§ **Available data**:
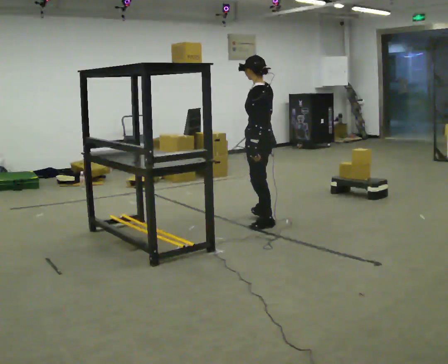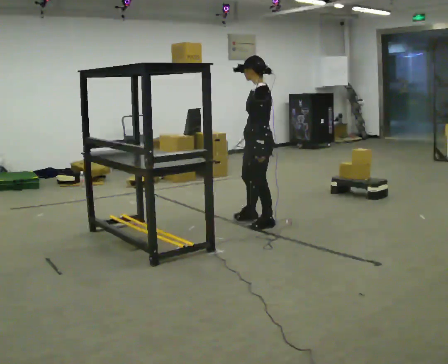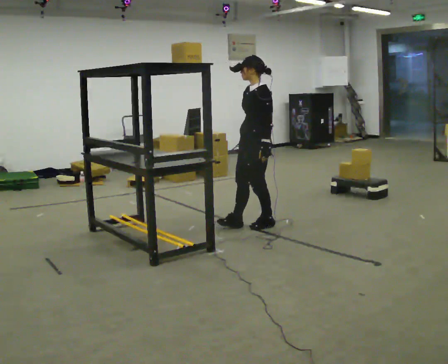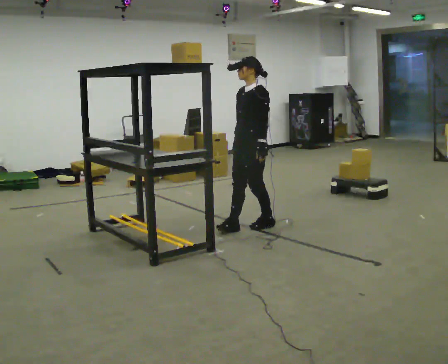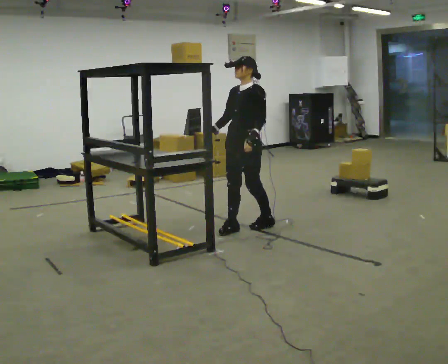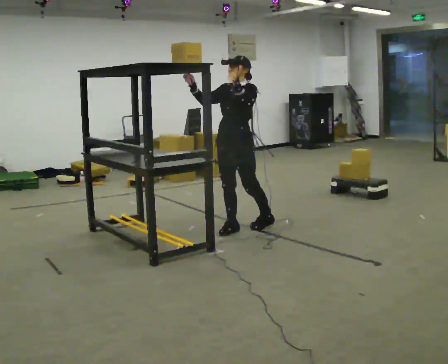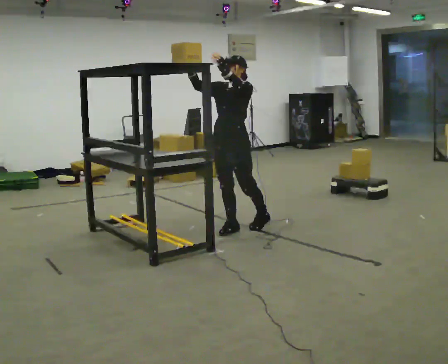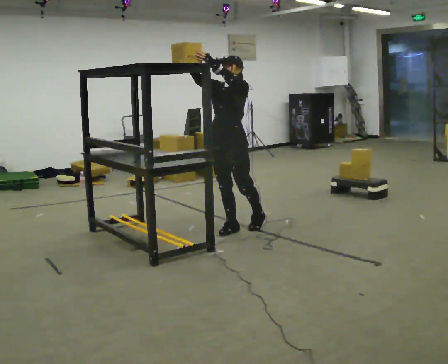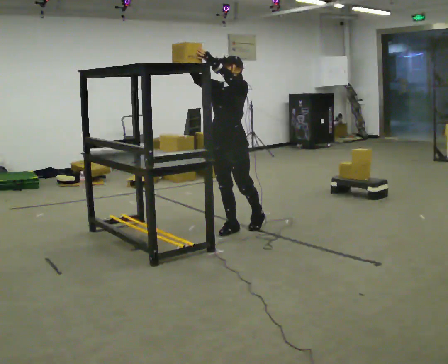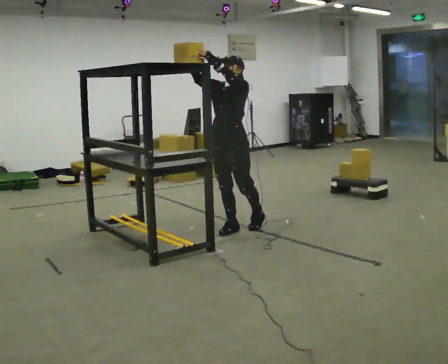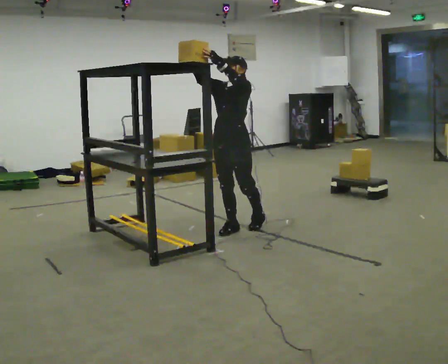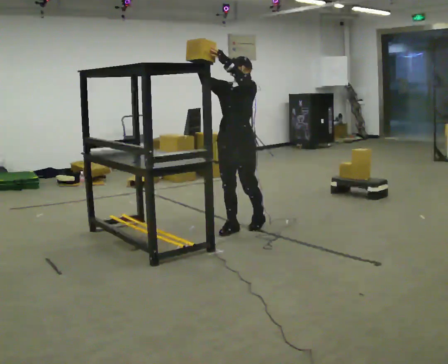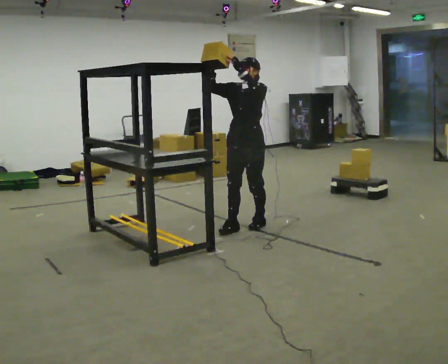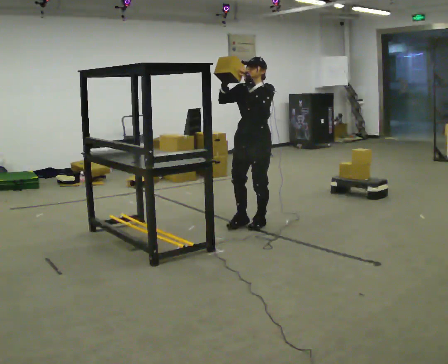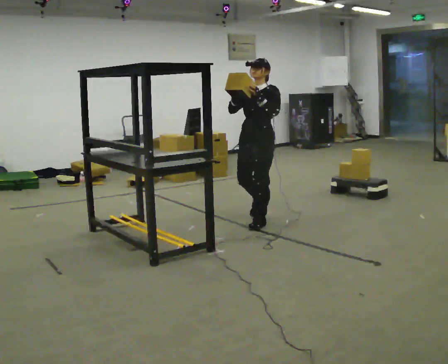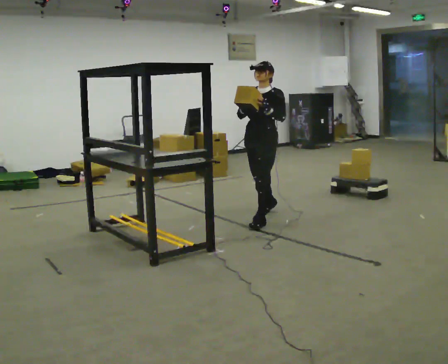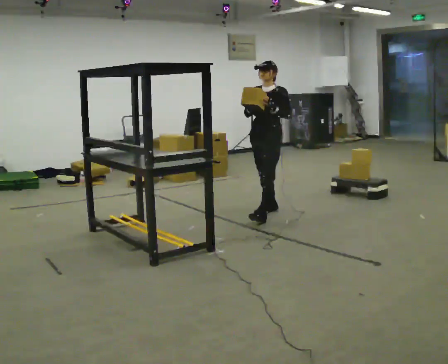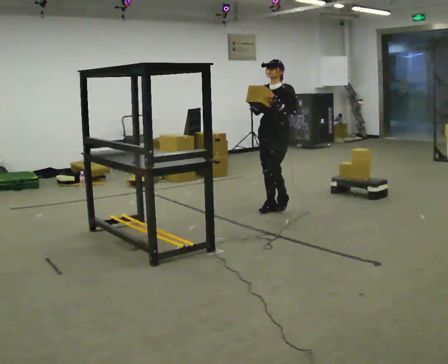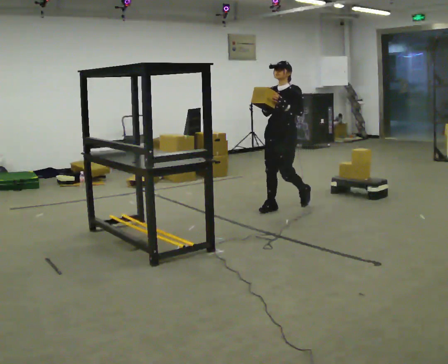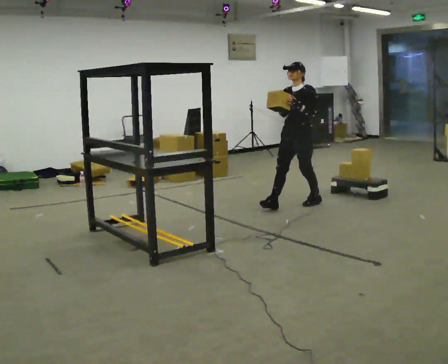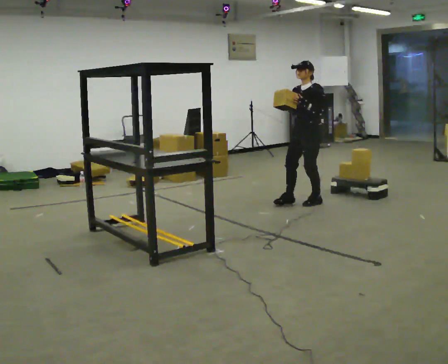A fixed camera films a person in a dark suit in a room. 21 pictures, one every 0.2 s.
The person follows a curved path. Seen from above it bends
clockwise.
0.0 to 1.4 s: Seen from above the body turns counterclockwise, about 75 degrees: to their left, with its near side sliding to the right. In the picture they go to the left, about 0.25 m. In the picture their right hand goes upward, the arm swinging clockwise.
1.4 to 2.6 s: In the picture they go to the right and away from the camera, about 0.25 m in 1 step, which for them is backward.
2.6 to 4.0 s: In the picture they go away from the camera and to the right, about 1 m in 2 steps, which for them is backward.
The film runs backward here.

§ **Aim of the exercise**: The task requires that every line above be transcribed exactly, without the images.

§ **Response to this exercise**:
A fixed camera films a person in a dark suit in a room. 21 pictures, one every 0.2 s.
The person follows a curved path. Seen from above it bends
clockwise.
0.0 to 1.4 s: Seen from above the body turns counterclockwise, about 75 degrees: to their left, with its near side sliding to the right. In the picture they go to the left, about 0.25 m. In the picture their right hand goes upward, the arm swinging clockwise.
1.4 to 2.6 s: In the picture they go to the right and away from the camera, about 0.25 m in 1 step, which for them is backward.
2.6 to 4.0 s: In the picture they go away from the camera and to the right, about 1 m in 2 steps, which for them is backward.
The film runs backward here.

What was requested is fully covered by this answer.